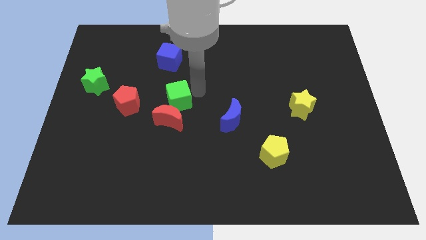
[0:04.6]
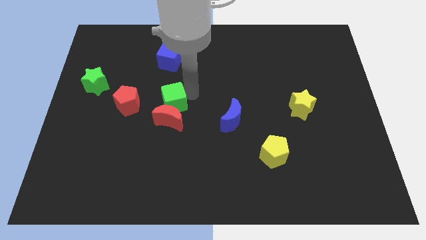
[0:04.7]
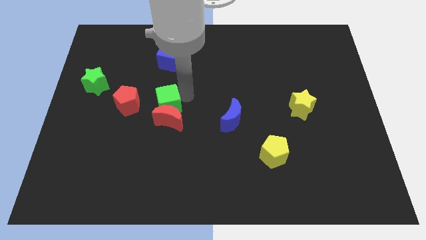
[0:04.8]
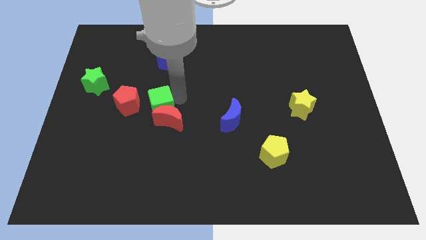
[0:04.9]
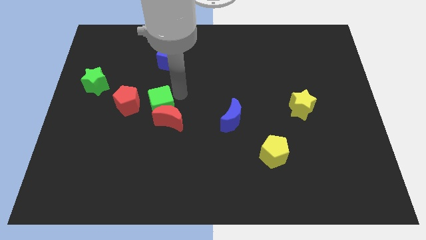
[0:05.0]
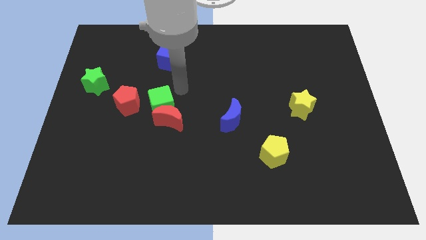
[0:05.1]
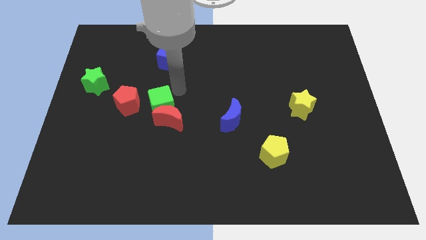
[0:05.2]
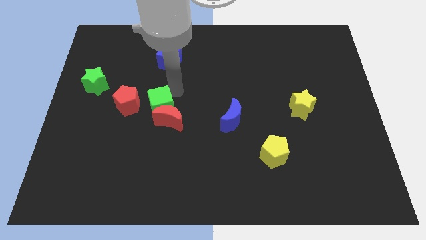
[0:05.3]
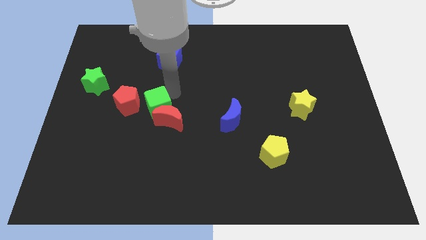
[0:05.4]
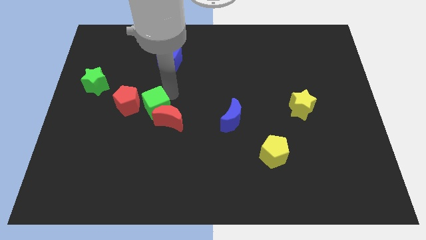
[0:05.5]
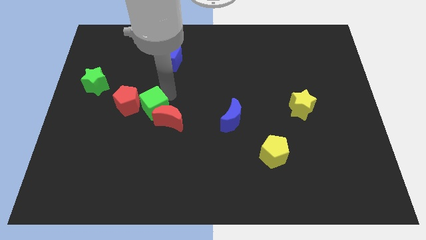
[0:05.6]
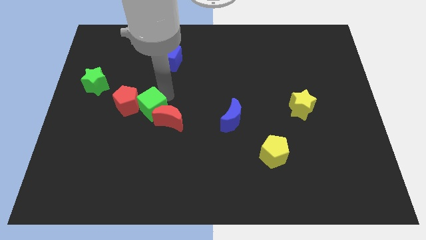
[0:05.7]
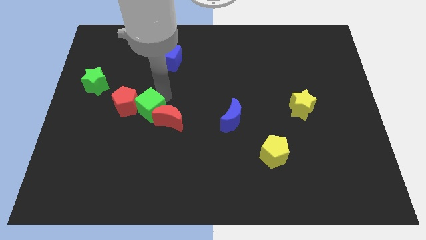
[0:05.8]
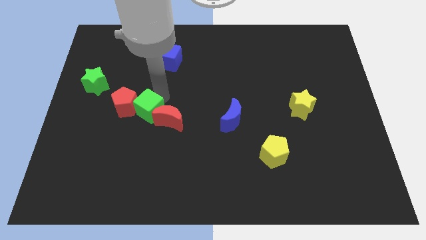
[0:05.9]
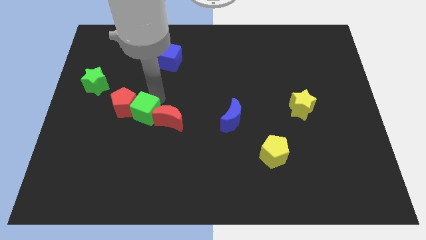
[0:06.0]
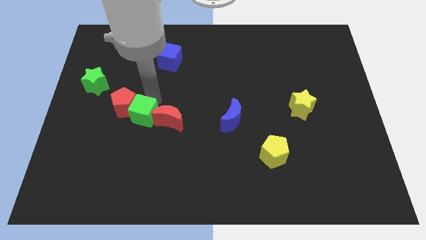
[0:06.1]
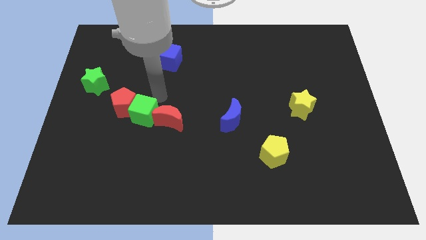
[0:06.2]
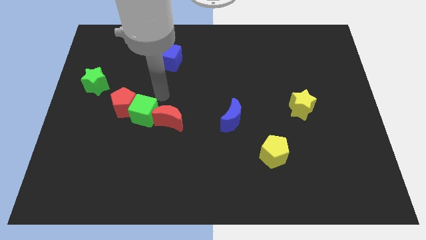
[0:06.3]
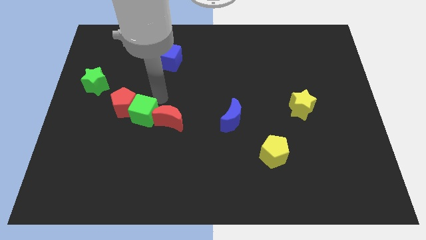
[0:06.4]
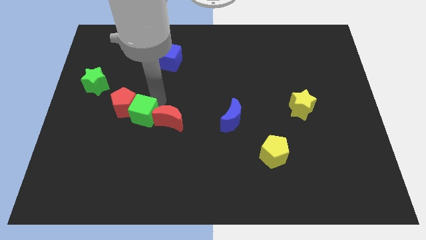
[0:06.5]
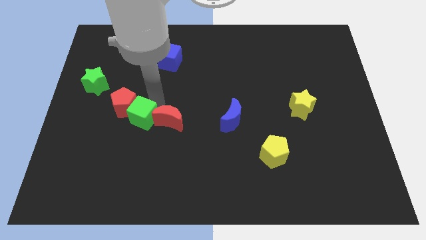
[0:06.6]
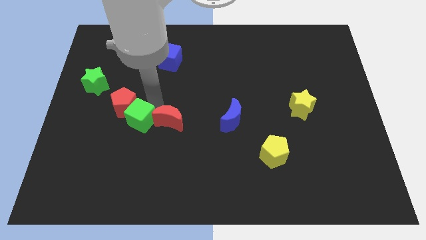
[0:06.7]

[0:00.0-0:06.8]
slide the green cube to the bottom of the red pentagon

--------------------------------

### TASK DETAILS
The result should be an exact retyped version of all the entries above, containing no pictures.

### RESPONSE TO THE TASK
[0:04.6]
[0:04.7]
[0:04.8]
[0:04.9]
[0:05.0]
[0:05.1]
[0:05.2]
[0:05.3]
[0:05.4]
[0:05.5]
[0:05.6]
[0:05.7]
[0:05.8]
[0:05.9]
[0:06.0]
[0:06.1]
[0:06.2]
[0:06.3]
[0:06.4]
[0:06.5]
[0:06.6]
[0:06.7]

[0:00.0-0:06.8]
slide the green cube to the bottom of the red pentagon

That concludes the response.